For more cool animations and other examples of adaptive sampling visit adaptive package documentation and tutorials.

Problem: How to maximize this noisy function?

For the 1D there are probably many decent solutions, but this serves as well to give some intuition for the N-dimensional generalization.

Tip:

Many optimizers are minimizer by design or default. MC detects the minimize: False option when passed to set_adaptive_function_parameters so that any minimzer can be used as a maximizer.

Meet the SKOptLearner

This is a wrapper included in the adaptive package that wraps around scikit-optimize.

Interesting features include otimization over integers and Bayesian optimization (not based on gradients, therefore has some noise resilience), beside the N-dim capabilities.

NB: might not be appropriate for functions that are quick to evaluate as the model that it builds under the hood might be computationally expensive.

NB2: due to some probabilistic factors inside this learner + the noise in our functions it will take sitinct ammounts of iterations to get the maximum

NB3: From experience it might get stuck at the boundaries sometimes, configuration exploration might be required to make it work for your case


In [11]:
dummy_chevron.delay(.2)
dummy_chevron.noise(.05)

bounds = [0.6 * dummy_chevron.amp_center_2(), 1.6 * dummy_chevron.amp_center_2()]
npoints = 30  # Just in case

target_f = 0.99

MC.set_sweep_function(dummy_chevron.amp)
MC.set_adaptive_function_parameters({
    'adaptive_function': adaptive.SKOptLearner,
    # this one has its own paramters, might require exploring it
    'dimensions': [bounds],   
    'base_estimator': "GP", 
    'acq_func': "gp_hedge",
    'acq_optimizer': "lbfgs",
    'goal': lambda l: l.npoints >= npoints,
    'minimize': False,
    'f_termination': target_f,
})

MC.set_detector_function(dummy_chevron.frac_excited)
label = '1D maximize skopt'
try:
    dat = MC.run(label, mode="adaptive")
except StopIteration as e:
    print(e)
ma2.Basic1DAnalysis(label=label, close_figs=False)
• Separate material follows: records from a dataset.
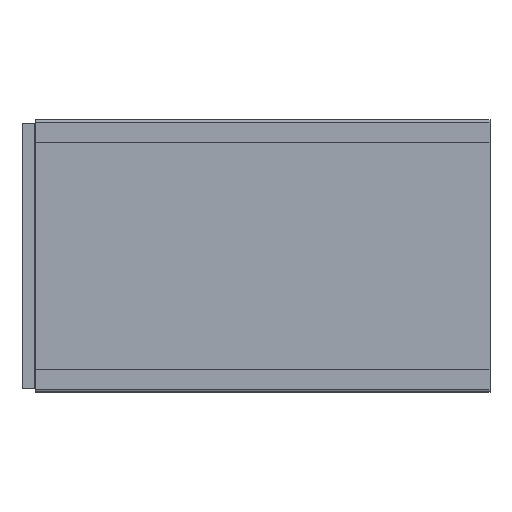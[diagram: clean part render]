
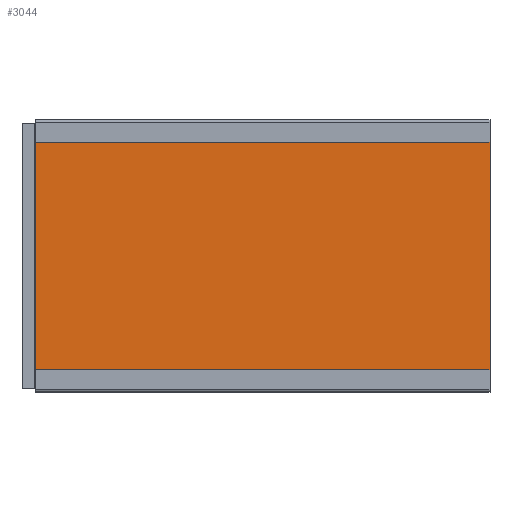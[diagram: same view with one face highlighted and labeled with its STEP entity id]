
A CAD part, top view. The second image highlights one B-rep face of the part: STEP entity #3044.
In plain terms, the highlighted planar face has unit normal (0, 0, 1).
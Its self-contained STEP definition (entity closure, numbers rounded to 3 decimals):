
#308=FACE_OUTER_BOUND('',#488,.T.);
#488=EDGE_LOOP('',(#2192,#2193,#2194,#2195));
#700=LINE('',#4609,#1042);
#704=LINE('',#4616,#1046);
#707=LINE('',#4622,#1049);
#709=LINE('',#4625,#1051);
#1042=VECTOR('',#3680,250.);
#1046=VECTOR('',#3686,500.);
#1049=VECTOR('',#3691,250.);
#1051=VECTOR('',#3695,500.);
#1360=VERTEX_POINT('',#4606);
#1361=VERTEX_POINT('',#4608);
#1363=VERTEX_POINT('',#4614);
#1365=VERTEX_POINT('',#4620);
#1660=EDGE_CURVE('',#1360,#1361,#700,.T.);
#1664=EDGE_CURVE('',#1363,#1360,#704,.T.);
#1667=EDGE_CURVE('',#1365,#1363,#707,.T.);
#1669=EDGE_CURVE('',#1361,#1365,#709,.T.);
#2192=ORIENTED_EDGE('',*,*,#1669,.F.);
#2193=ORIENTED_EDGE('',*,*,#1660,.F.);
#2194=ORIENTED_EDGE('',*,*,#1664,.F.);
#2195=ORIENTED_EDGE('',*,*,#1667,.F.);
#2900=PLANE('',#3247);
#3044=ADVANCED_FACE('',(#308),#2900,.T.);
#3247=AXIS2_PLACEMENT_3D('',#4626,#3696,#3697);
#3680=DIRECTION('',(0.,1.,0.));
#3686=DIRECTION('',(-1.,0.,0.));
#3691=DIRECTION('',(0.,-1.,0.));
#3695=DIRECTION('',(1.,0.,0.));
#3696=DIRECTION('center_axis',(0.,0.,1.));
#3697=DIRECTION('ref_axis',(1.,0.,0.));
#4606=CARTESIAN_POINT('',(-250.,-125.,0.));
#4608=CARTESIAN_POINT('',(-250.,125.,0.));
#4609=CARTESIAN_POINT('',(-250.,-125.,0.));
#4614=CARTESIAN_POINT('',(250.,-125.,0.));
#4616=CARTESIAN_POINT('',(250.,-125.,0.));
#4620=CARTESIAN_POINT('',(250.,125.,0.));
#4622=CARTESIAN_POINT('',(250.,125.,0.));
#4625=CARTESIAN_POINT('',(-250.,125.,0.));
#4626=CARTESIAN_POINT('Origin',(0.,0.,0.));
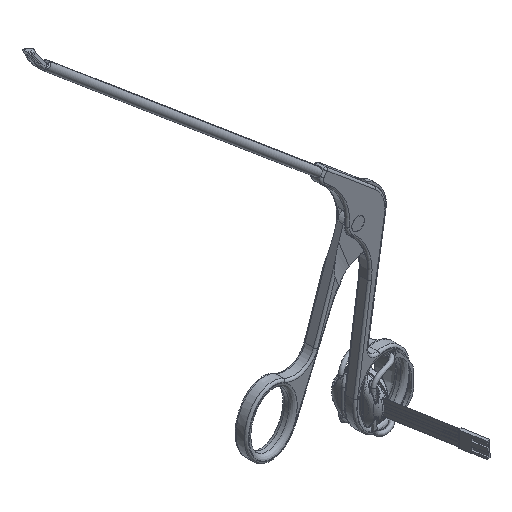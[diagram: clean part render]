
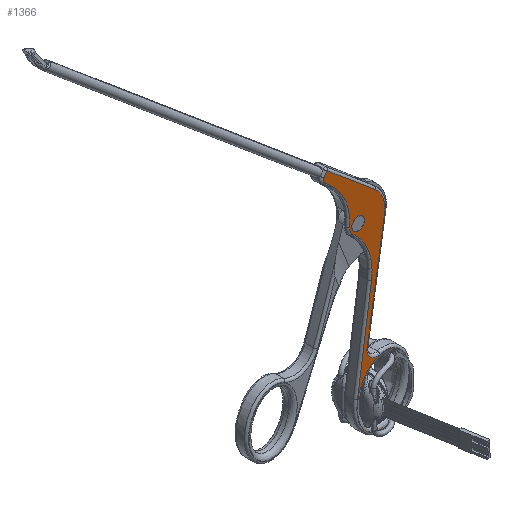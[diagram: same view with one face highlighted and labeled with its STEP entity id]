
A CAD part, isometric view. The second image highlights one B-rep face of the part: STEP entity #1366.
In plain terms, the highlighted planar face has unit normal (0, -1, 0).
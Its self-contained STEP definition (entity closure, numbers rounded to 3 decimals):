
#489=B_SPLINE_CURVE_WITH_KNOTS('',3,(#13064,#13065,#13066,#13067,#13068,
#13069,#13070,#13071,#13072,#13073,#13074,#13075,#13076,#13077,#13078,#13079,
#13080,#13081,#13082,#13083,#13084,#13085,#13086,#13087),.UNSPECIFIED.,
 .F.,.F.,(4,2,2,2,2,2,2,2,2,2,2,4),(0.,0.125,0.25,0.313,0.375,0.5,0.625,
0.75,0.813,0.875,0.938,1.),.UNSPECIFIED.);
#490=B_SPLINE_CURVE_WITH_KNOTS('',3,(#13105,#13106,#13107,#13108,#13109,
#13110,#13111,#13112,#13113,#13114,#13115,#13116,#13117,#13118,#13119,#13120,
#13121,#13122,#13123,#13124,#13125,#13126,#13127,#13128,#13129,#13130),
 .UNSPECIFIED.,.T.,.F.,(2,2,2,2,2,2,2,2,2,2,2,2,2,2,2),(-0.063,0.,0.063,
0.125,0.25,0.375,0.438,0.5,0.563,0.625,0.75,0.875,0.938,1.,1.063),
 .UNSPECIFIED.);
#1101=FACE_BOUND('',#2137,.T.);
#1102=FACE_BOUND('',#2138,.T.);
#1103=FACE_BOUND('',#2139,.T.);
#1366=ADVANCED_FACE('',(#1101,#1102,#1103),#1565,.T.);
#1565=PLANE('',#6450);
#2137=EDGE_LOOP('',(#4064,#4065,#4066,#4067,#4068,#4069,#4070,#4071,#4072,
#4073,#4074,#4075,#4076));
#2138=EDGE_LOOP('',(#4077));
#2139=EDGE_LOOP('',(#4078));
#2501=LINE('',#12938,#2818);
#2508=LINE('',#13062,#2827);
#2509=LINE('',#13091,#2828);
#2510=LINE('',#13095,#2829);
#2511=LINE('',#13098,#2830);
#2512=LINE('',#13104,#2831);
#2818=VECTOR('',#7649,1.);
#2827=VECTOR('',#7674,1.);
#2828=VECTOR('',#7677,1.);
#2829=VECTOR('',#7680,1.);
#2830=VECTOR('',#7683,1.);
#2831=VECTOR('',#7688,1.);
#4064=ORIENTED_EDGE('',*,*,#5617,.T.);
#4065=ORIENTED_EDGE('',*,*,#5618,.T.);
#4066=ORIENTED_EDGE('',*,*,#5619,.T.);
#4067=ORIENTED_EDGE('',*,*,#5620,.T.);
#4068=ORIENTED_EDGE('',*,*,#5621,.T.);
#4069=ORIENTED_EDGE('',*,*,#5622,.T.);
#4070=ORIENTED_EDGE('',*,*,#5623,.T.);
#4071=ORIENTED_EDGE('',*,*,#5605,.T.);
#4072=ORIENTED_EDGE('',*,*,#5624,.T.);
#4073=ORIENTED_EDGE('',*,*,#5625,.T.);
#4074=ORIENTED_EDGE('',*,*,#5626,.T.);
#4075=ORIENTED_EDGE('',*,*,#5627,.T.);
#4076=ORIENTED_EDGE('',*,*,#5628,.T.);
#4077=ORIENTED_EDGE('',*,*,#5629,.T.);
#4078=ORIENTED_EDGE('',*,*,#5496,.F.);
#4810=VERTEX_POINT('',#12400);
#4890=VERTEX_POINT('',#12937);
#4891=VERTEX_POINT('',#12939);
#4898=VERTEX_POINT('',#13060);
#4899=VERTEX_POINT('',#13061);
#4900=VERTEX_POINT('',#13063);
#4901=VERTEX_POINT('',#13088);
#4902=VERTEX_POINT('',#13090);
#4903=VERTEX_POINT('',#13092);
#4904=VERTEX_POINT('',#13094);
#4905=VERTEX_POINT('',#13097);
#4906=VERTEX_POINT('',#13099);
#4907=VERTEX_POINT('',#13101);
#4908=VERTEX_POINT('',#13103);
#4909=VERTEX_POINT('',#13131);
#5496=EDGE_CURVE('',#4810,#4810,#5953,.T.);
#5605=EDGE_CURVE('',#4891,#4890,#2501,.T.);
#5617=EDGE_CURVE('',#4898,#4899,#5979,.T.);
#5618=EDGE_CURVE('',#4899,#4900,#2508,.T.);
#5619=EDGE_CURVE('',#4900,#4901,#489,.T.);
#5620=EDGE_CURVE('',#4901,#4902,#5980,.T.);
#5621=EDGE_CURVE('',#4902,#4903,#2509,.T.);
#5622=EDGE_CURVE('',#4903,#4904,#5981,.T.);
#5623=EDGE_CURVE('',#4904,#4891,#2510,.T.);
#5624=EDGE_CURVE('',#4890,#4905,#5982,.T.);
#5625=EDGE_CURVE('',#4905,#4906,#2511,.T.);
#5626=EDGE_CURVE('',#4906,#4907,#5983,.T.);
#5627=EDGE_CURVE('',#4907,#4908,#5984,.T.);
#5628=EDGE_CURVE('',#4908,#4898,#2512,.T.);
#5629=EDGE_CURVE('',#4909,#4909,#490,.T.);
#5953=CIRCLE('',#6371,3.);
#5979=CIRCLE('',#6444,26.);
#5980=CIRCLE('',#6445,5.);
#5981=CIRCLE('',#6446,13.);
#5982=CIRCLE('',#6447,2.);
#5983=CIRCLE('',#6448,26.);
#5984=CIRCLE('',#6449,4.);
#6371=AXIS2_PLACEMENT_3D('',#12399,#7474,#7475);
#6444=AXIS2_PLACEMENT_3D('',#13059,#7672,#7673);
#6445=AXIS2_PLACEMENT_3D('',#13089,#7675,#7676);
#6446=AXIS2_PLACEMENT_3D('',#13093,#7678,#7679);
#6447=AXIS2_PLACEMENT_3D('',#13096,#7681,#7682);
#6448=AXIS2_PLACEMENT_3D('',#13100,#7684,#7685);
#6449=AXIS2_PLACEMENT_3D('',#13102,#7686,#7687);
#6450=AXIS2_PLACEMENT_3D('',#13132,#7689,#7690);
#7474=DIRECTION('',(0.,-1.,0.));
#7475=DIRECTION('',(1.,0.,0.));
#7649=DIRECTION('',(0.174,0.,-0.985));
#7672=DIRECTION('',(0.,1.,0.));
#7673=DIRECTION('',(0.,0.,-1.));
#7674=DIRECTION('',(0.526,0.,-0.85));
#7675=DIRECTION('',(0.,1.,0.));
#7676=DIRECTION('',(0.,0.,-1.));
#7677=DIRECTION('',(-0.511,0.,0.86));
#7678=DIRECTION('',(0.,-1.,0.));
#7679=DIRECTION('',(0.,0.,-1.));
#7680=DIRECTION('',(-1.,0.,0.));
#7681=DIRECTION('',(0.,-1.,0.));
#7682=DIRECTION('',(0.,0.,-1.));
#7683=DIRECTION('',(1.,0.,0.));
#7684=DIRECTION('',(0.,1.,0.));
#7685=DIRECTION('',(0.,0.,-1.));
#7686=DIRECTION('',(0.,-1.,0.));
#7687=DIRECTION('',(0.,0.,-1.));
#7688=DIRECTION('',(0.999,0.,-0.035));
#7689=DIRECTION('',(0.,-1.,0.));
#7690=DIRECTION('',(0.,0.,-1.));
#12399=CARTESIAN_POINT('',(-57.651,-2.87,49.854));
#12400=CARTESIAN_POINT('',(-54.651,-2.87,49.854));
#12937=CARTESIAN_POINT('',(-87.492,-2.87,60.204));
#12938=CARTESIAN_POINT('',(-87.492,-2.87,60.204));
#12939=CARTESIAN_POINT('',(-87.959,-2.87,62.854));
#13059=CARTESIAN_POINT('',(-57.528,-2.87,19.831));
#13060=CARTESIAN_POINT('',(-56.62,-2.87,45.815));
#13061=CARTESIAN_POINT('',(-35.416,-2.87,33.508));
#13062=CARTESIAN_POINT('',(-10.841,-2.87,-6.224));
#13063=CARTESIAN_POINT('',(-10.833,-2.87,-6.237));
#13064=CARTESIAN_POINT('',(-10.833,-2.87,-6.237));
#13065=CARTESIAN_POINT('',(-9.321,-2.87,-8.86));
#13066=CARTESIAN_POINT('',(-7.255,-2.87,-11.145));
#13067=CARTESIAN_POINT('',(-2.271,-2.87,-14.463));
#13068=CARTESIAN_POINT('',(0.745,-2.87,-15.512));
#13069=CARTESIAN_POINT('',(5.258,-2.87,-15.199));
#13070=CARTESIAN_POINT('',(6.744,-2.87,-14.773));
#13071=CARTESIAN_POINT('',(9.375,-2.87,-13.264));
#13072=CARTESIAN_POINT('',(10.485,-2.87,-12.207));
#13073=CARTESIAN_POINT('',(13.033,-2.87,-8.48));
#13074=CARTESIAN_POINT('',(13.651,-2.87,-5.358));
#13075=CARTESIAN_POINT('',(13.3,-2.87,0.627));
#13076=CARTESIAN_POINT('',(12.361,-2.87,3.556));
#13077=CARTESIAN_POINT('',(9.403,-2.87,8.746));
#13078=CARTESIAN_POINT('',(7.344,-2.87,11.064));
#13079=CARTESIAN_POINT('',(3.603,-2.87,13.587));
#13080=CARTESIAN_POINT('',(2.269,-2.87,14.26));
#13081=CARTESIAN_POINT('',(-0.623,-2.87,15.177));
#13082=CARTESIAN_POINT('',(-2.135,-2.87,15.399));
#13083=CARTESIAN_POINT('',(-5.14,-2.87,15.223));
#13084=CARTESIAN_POINT('',(-6.632,-2.87,14.812));
#13085=CARTESIAN_POINT('',(-9.255,-2.87,13.356));
#13086=CARTESIAN_POINT('',(-10.388,-2.87,12.315));
#13087=CARTESIAN_POINT('',(-11.261,-2.87,11.071));
#13088=CARTESIAN_POINT('',(-11.261,-2.87,11.071));
#13089=CARTESIAN_POINT('',(-15.354,-2.87,13.942));
#13090=CARTESIAN_POINT('',(-19.652,-2.87,11.387));
#13091=CARTESIAN_POINT('',(-46.477,-2.87,56.498));
#13092=CARTESIAN_POINT('',(-46.477,-2.87,56.498));
#13093=CARTESIAN_POINT('',(-57.651,-2.87,49.854));
#13094=CARTESIAN_POINT('',(-57.651,-2.87,62.854));
#13095=CARTESIAN_POINT('',(-87.959,-2.87,62.854));
#13096=CARTESIAN_POINT('',(-85.522,-2.87,60.551));
#13097=CARTESIAN_POINT('',(-85.522,-2.87,58.551));
#13098=CARTESIAN_POINT('',(-82.158,-2.87,58.551));
#13099=CARTESIAN_POINT('',(-82.158,-2.87,58.551));
#13100=CARTESIAN_POINT('',(-82.158,-2.87,32.551));
#13101=CARTESIAN_POINT('',(-60.918,-2.87,47.547));
#13102=CARTESIAN_POINT('',(-57.651,-2.87,49.854));
#13103=CARTESIAN_POINT('',(-57.79,-2.87,45.856));
#13104=CARTESIAN_POINT('',(-56.62,-2.87,45.815));
#13105=CARTESIAN_POINT('',(-9.532,-2.87,12.764));
#13106=CARTESIAN_POINT('',(-6.288,-2.87,14.637));
#13107=CARTESIAN_POINT('',(-4.426,-2.87,15.066));
#13108=CARTESIAN_POINT('',(-0.742,-2.87,14.988));
#13109=CARTESIAN_POINT('',(1.088,-2.87,14.494));
#13110=CARTESIAN_POINT('',(6.112,-2.87,12.085));
#13111=CARTESIAN_POINT('',(8.806,-2.87,9.345));
#13112=CARTESIAN_POINT('',(12.492,-2.87,2.966));
#13113=CARTESIAN_POINT('',(13.52,-2.87,-0.777));
#13114=CARTESIAN_POINT('',(13.097,-2.87,-6.295));
#13115=CARTESIAN_POINT('',(12.61,-2.87,-8.139));
#13116=CARTESIAN_POINT('',(10.819,-2.87,-11.389));
#13117=CARTESIAN_POINT('',(9.512,-2.87,-12.781));
#13118=CARTESIAN_POINT('',(6.268,-2.87,-14.643));
#13119=CARTESIAN_POINT('',(4.41,-2.87,-15.07));
#13120=CARTESIAN_POINT('',(0.698,-2.87,-14.982));
#13121=CARTESIAN_POINT('',(-1.125,-2.87,-14.481));
#13122=CARTESIAN_POINT('',(-6.123,-2.87,-12.071));
#13123=CARTESIAN_POINT('',(-8.802,-2.87,-9.357));
#13124=CARTESIAN_POINT('',(-12.51,-2.87,-2.929));
#13125=CARTESIAN_POINT('',(-13.522,-2.87,0.754));
#13126=CARTESIAN_POINT('',(-13.096,-2.87,6.306));
#13127=CARTESIAN_POINT('',(-12.608,-2.87,8.142));
#13128=CARTESIAN_POINT('',(-10.826,-2.87,11.377));
#13129=CARTESIAN_POINT('',(-9.532,-2.87,12.764));
#13130=CARTESIAN_POINT('',(-6.288,-2.87,14.637));
#13131=CARTESIAN_POINT('',(-7.91,-2.87,13.701));
#13132=CARTESIAN_POINT('',(0.,-2.87,0.));
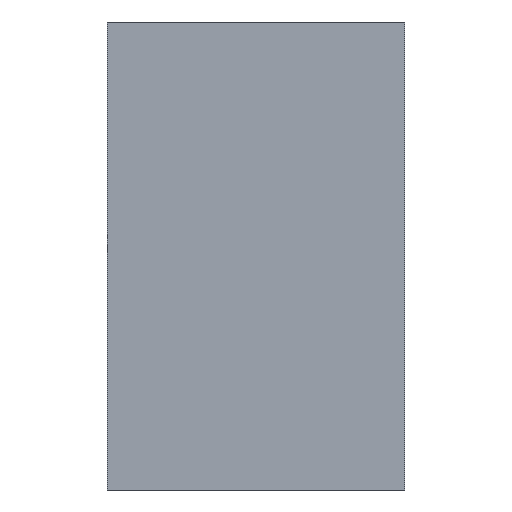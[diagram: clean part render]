
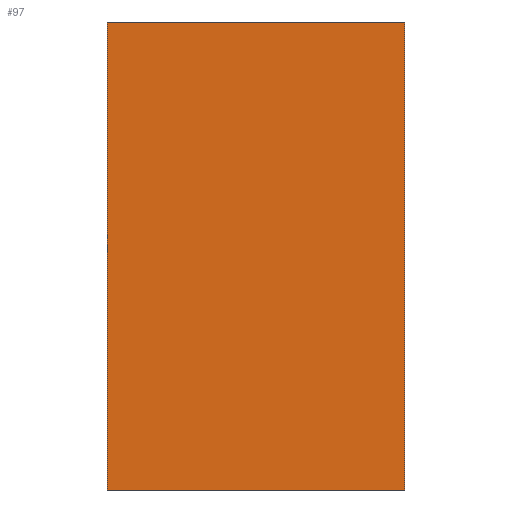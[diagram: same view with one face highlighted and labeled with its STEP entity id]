
A CAD part, front view. The second image highlights one B-rep face of the part: STEP entity #97.
In plain terms, the highlighted planar face has unit normal (0, -1, 0).
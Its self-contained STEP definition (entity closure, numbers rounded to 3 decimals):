
#21 = EDGE_CURVE('',#22,#24,#26,.T.);
#22 = VERTEX_POINT('',#23);
#23 = CARTESIAN_POINT('',(0.,0.,0.));
#24 = VERTEX_POINT('',#25);
#25 = CARTESIAN_POINT('',(0.,0.,18.4));
#26 = LINE('',#27,#28);
#27 = CARTESIAN_POINT('',(0.,0.,0.));
#28 = VECTOR('',#29,1.);
#29 = DIRECTION('',(0.,0.,1.));
#61 = EDGE_CURVE('',#62,#64,#66,.T.);
#62 = VERTEX_POINT('',#63);
#63 = CARTESIAN_POINT('',(11.7,0.,0.));
#64 = VERTEX_POINT('',#65);
#65 = CARTESIAN_POINT('',(11.7,0.,18.4));
#66 = LINE('',#67,#68);
#67 = CARTESIAN_POINT('',(11.7,0.,0.));
#68 = VECTOR('',#69,1.);
#69 = DIRECTION('',(0.,0.,1.));
#97 = ADVANCED_FACE('',(#98),#114,.F.);
#98 = FACE_BOUND('',#99,.F.);
#99 = EDGE_LOOP('',(#100,#106,#107,#113));
#100 = ORIENTED_EDGE('',*,*,#101,.F.);
#101 = EDGE_CURVE('',#22,#62,#102,.T.);
#102 = LINE('',#103,#104);
#103 = CARTESIAN_POINT('',(0.,0.,0.));
#104 = VECTOR('',#105,1.);
#105 = DIRECTION('',(1.,0.,-0.));
#106 = ORIENTED_EDGE('',*,*,#21,.T.);
#107 = ORIENTED_EDGE('',*,*,#108,.T.);
#108 = EDGE_CURVE('',#24,#64,#109,.T.);
#109 = LINE('',#110,#111);
#110 = CARTESIAN_POINT('',(0.,0.,18.4));
#111 = VECTOR('',#112,1.);
#112 = DIRECTION('',(1.,0.,-0.));
#113 = ORIENTED_EDGE('',*,*,#61,.F.);
#114 = PLANE('',#115);
#115 = AXIS2_PLACEMENT_3D('',#116,#117,#118);
#116 = CARTESIAN_POINT('',(0.,0.,0.));
#117 = DIRECTION('',(-0.,1.,0.));
#118 = DIRECTION('',(0.,0.,1.));
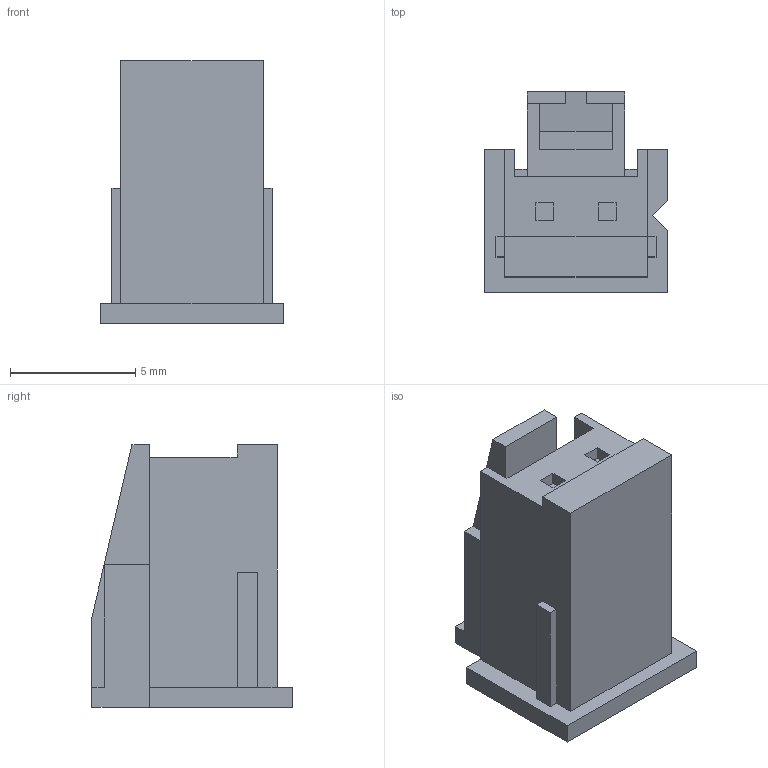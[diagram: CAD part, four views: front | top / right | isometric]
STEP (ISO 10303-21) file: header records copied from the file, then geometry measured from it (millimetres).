
FILE_DESCRIPTION (( 'STEP AP214' ), '1' );
FILE_NAME ('XARP-02V.STEP', '2012-04-09T07:06:33', ( 'root' ), ( 'Hewlett-Packard Company' ), 'SwSTEP 2.0', 'SolidWorks 2009', '' );
FILE_SCHEMA (( 'AUTOMOTIVE_DESIGN' ));
Length unit declared in the file: millimetre
Products named in the file (1): XARP-02V
Bounding box: 7.3 x 8 x 10.5 mm (x, y, z)
Volume: 319.5 mm3; surface area: 465.1 mm2
Topology: 1 solids, 1 shells, 68 faces, 182 edges, 120 vertices
Faces by surface type: plane 68
Entity records: 2856 total; most frequent: CARTESIAN_POINT 371, ORIENTED_EDGE 364, DIRECTION 320, EDGE_CURVE 182, VECTOR 182, LINE 182, VERTEX_POINT 120, EDGE_LOOP 72

Starting measurement: 1D maximize skopt
Sweep function: amp
Detector function: frac_excited
Acquired 17 points, 	elapsed time: 14.8s
/usr/local/anaconda3/envs/dclab/lib/python3.7/site-packages/skopt/optimizer/optimizer.py:409: UserWarning:

The objective has been evaluated at this point before.

Acquired 21 points, 	elapsed time: 19.4s
/usr/local/anaconda3/envs/dclab/lib/python3.7/site-packages/skopt/optimizer/optimizer.py:409: UserWarning:

The objective has been evaluated at this point before.

Acquired 29 points, 	elapsed time: 29.7s
Out[11]:
<pycqed.analysis_v2.simple_analysis.Basic1DAnalysis at 0x12644ff90>

Meet the home made Learner1D_Minimizer (and its tools)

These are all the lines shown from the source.